Here’s how we plan to use your dollars in 2022. You deserve to know.

  1. Hire an experienced editor (preferably with close ties to Mississippi) who will manage and edit daily media coverage and cut my days often by 12 hours (I can’t do that at 60 much longer). It allows me both to do more reporting / writing (my first love) and to focus on editing and directing systemic “Mapping Mississippi” projects. Remember: Hiring more journalists always results in diminishing returns without excellent editors to lead, train, and partner with an inclusive team of journalists. We’re damn good at that at the MFP, because Associate editor Azia Wiggins explained in this badass column last week.
  2. Accelerate systemic projects one by one. We have 16 in-depth projects planned — from racial violence at criminal justice at education to a unit to report corruption before state officials find it late– to be activated from 2022, each with its own microsite and, ultimately, a mapping of assets and the network. We are already doing a great job in these 16 areas, but it will take the work to another level of innovation, and we need help to fund it. Dive into our inaugural “Mapping” project, a collaboration with our friends at the Jackson Advocate, at
  3. Hire more journalists to join Ashton, Aliyah, Kayode and Nick. Our most immediate need is a systems education reporter to lean on a freelance reporter The Outstanding Work of Torsheta Jackson in Noxubee County. His work provides a glimpse of what is to come. Let’s just say it’s a very different kind of audience reporting and private education it does not focus on the red-blue fundraising policy at the Mississippi Capitol, which has proven to be a failure to ensure equitable public education for all.
  4. Make a lot more solution circles to add to those we’ve done with black women about COVID-19; voting and access to the enclosure; and media representation in our state. You may be aware that we think that group discussions with “experts” at a main table are an outdated and insulting model for ordinary people who we all have to listen instead in circles where everyone is equal. We cannot wait for the circles to settle in the cities of the state, as we have long envisioned.
  5. Build a membership strategy for all of you. Tomorrow we are officially launching the MFP VIP Club, and its first official event is January 11 with Stuart Stevens, Mississippi author and senior advisor to the Lincoln Project join Kimberly, me and the VIP MFP members in a virtual chat. If you’ve donated to MFP in 2021 by midnight tonight, you’re a founding member and will receive an invite (and links to past exclusive discussions with Aunjanue Ellis and Angie thomas). Any amount. As of tomorrow it’s not that cheap, so hurry up. We’re also designing a creative menu of member experiences, which will include my popular free Shut Up and Write seminars for members, brainstorm discussions with our team and much more. We need your intelligence and your passion in the MFP room; please join us.
  6. We have multimedia plans and strategies which I won’t talk about much now, but members will find out soon and maybe have the opportunity to help us think about it based on what you would like to see.
  7. Finally: something close and dear to my heart. Our nonprofit, Mississippi Journalism and Education Group, is now in partnership with the award-winning company Mississippi Youth Media Project, a newsroom for teens to learn solutions journalism I started several years ago as a member of the WK Kellogg leadership. He’s on hiatus at the moment, but we plan to put him back to work with MFP reporters and again do their own systemic journalism in 2022. Read their past work on If you want to participate in some way or help YMP come back, contact me at [email protected]. YMP will have its own revenue pool.

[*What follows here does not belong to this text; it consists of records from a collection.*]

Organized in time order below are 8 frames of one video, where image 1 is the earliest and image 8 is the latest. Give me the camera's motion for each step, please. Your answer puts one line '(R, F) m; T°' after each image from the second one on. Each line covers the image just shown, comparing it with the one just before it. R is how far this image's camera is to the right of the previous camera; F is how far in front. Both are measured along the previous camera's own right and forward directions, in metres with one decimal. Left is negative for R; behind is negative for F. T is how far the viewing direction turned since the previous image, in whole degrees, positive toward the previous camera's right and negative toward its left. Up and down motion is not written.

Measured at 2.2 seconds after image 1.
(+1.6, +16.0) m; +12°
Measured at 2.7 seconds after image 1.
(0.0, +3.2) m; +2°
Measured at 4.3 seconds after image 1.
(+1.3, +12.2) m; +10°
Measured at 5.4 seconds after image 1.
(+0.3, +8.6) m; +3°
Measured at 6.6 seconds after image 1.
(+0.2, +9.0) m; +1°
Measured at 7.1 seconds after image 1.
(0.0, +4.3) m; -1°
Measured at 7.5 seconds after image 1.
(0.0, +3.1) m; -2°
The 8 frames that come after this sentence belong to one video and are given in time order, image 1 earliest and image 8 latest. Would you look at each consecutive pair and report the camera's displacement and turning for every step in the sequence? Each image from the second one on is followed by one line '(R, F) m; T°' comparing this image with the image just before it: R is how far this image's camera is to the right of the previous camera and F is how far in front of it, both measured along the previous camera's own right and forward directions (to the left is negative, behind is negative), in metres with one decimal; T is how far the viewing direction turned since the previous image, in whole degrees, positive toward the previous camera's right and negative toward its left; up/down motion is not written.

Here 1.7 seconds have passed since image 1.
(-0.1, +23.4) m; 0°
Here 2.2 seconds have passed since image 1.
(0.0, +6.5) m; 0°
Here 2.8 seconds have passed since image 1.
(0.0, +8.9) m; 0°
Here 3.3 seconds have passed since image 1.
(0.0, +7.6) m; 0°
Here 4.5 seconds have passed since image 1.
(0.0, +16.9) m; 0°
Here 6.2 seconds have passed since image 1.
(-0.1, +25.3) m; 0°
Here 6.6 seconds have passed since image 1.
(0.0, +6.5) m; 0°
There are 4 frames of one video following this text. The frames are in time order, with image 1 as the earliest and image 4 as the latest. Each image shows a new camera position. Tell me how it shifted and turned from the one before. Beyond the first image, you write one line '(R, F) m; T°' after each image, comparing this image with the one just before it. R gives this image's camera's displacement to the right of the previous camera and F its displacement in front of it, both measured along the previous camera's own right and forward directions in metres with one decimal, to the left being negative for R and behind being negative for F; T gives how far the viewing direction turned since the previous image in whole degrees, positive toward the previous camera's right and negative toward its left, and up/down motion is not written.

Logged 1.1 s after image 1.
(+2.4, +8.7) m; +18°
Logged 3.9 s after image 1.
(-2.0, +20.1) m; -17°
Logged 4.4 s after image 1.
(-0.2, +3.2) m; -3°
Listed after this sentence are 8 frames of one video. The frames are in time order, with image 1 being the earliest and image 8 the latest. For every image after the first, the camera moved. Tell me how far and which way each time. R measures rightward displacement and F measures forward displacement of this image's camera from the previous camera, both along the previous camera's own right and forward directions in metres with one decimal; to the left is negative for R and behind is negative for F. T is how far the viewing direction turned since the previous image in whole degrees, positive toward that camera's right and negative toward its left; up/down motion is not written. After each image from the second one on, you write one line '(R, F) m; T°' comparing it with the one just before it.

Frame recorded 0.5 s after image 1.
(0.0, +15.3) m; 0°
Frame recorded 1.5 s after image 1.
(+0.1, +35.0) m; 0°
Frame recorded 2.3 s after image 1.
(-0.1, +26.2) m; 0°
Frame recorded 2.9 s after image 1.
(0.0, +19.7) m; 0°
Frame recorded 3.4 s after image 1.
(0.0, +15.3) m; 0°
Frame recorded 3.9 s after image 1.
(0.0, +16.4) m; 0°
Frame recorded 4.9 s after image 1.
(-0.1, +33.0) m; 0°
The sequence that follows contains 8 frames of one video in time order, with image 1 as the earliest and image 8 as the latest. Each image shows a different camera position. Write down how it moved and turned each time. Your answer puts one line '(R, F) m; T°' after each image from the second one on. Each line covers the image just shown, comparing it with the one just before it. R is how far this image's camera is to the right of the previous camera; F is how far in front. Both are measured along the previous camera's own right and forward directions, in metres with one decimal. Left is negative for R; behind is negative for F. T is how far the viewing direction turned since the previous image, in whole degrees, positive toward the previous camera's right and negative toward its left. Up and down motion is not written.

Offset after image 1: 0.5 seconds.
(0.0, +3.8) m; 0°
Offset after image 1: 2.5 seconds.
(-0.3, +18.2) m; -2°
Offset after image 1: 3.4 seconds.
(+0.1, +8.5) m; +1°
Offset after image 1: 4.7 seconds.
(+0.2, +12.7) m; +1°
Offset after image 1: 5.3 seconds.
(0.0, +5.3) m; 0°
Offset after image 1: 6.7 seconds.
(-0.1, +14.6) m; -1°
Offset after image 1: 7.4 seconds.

These are the priorities, but we always plan, strategy, think and innovate, which for most of you has earned us the Startup of the Year award from the Institute for Nonprofit News in 2021. While as we enter our third year focusing on long term sustainability as nonprofit newspapers showing americans how to be truly inclusive straight from the heart of mississippi.

Thank you for your support and gifts. You are our lifeblood and we value each of you.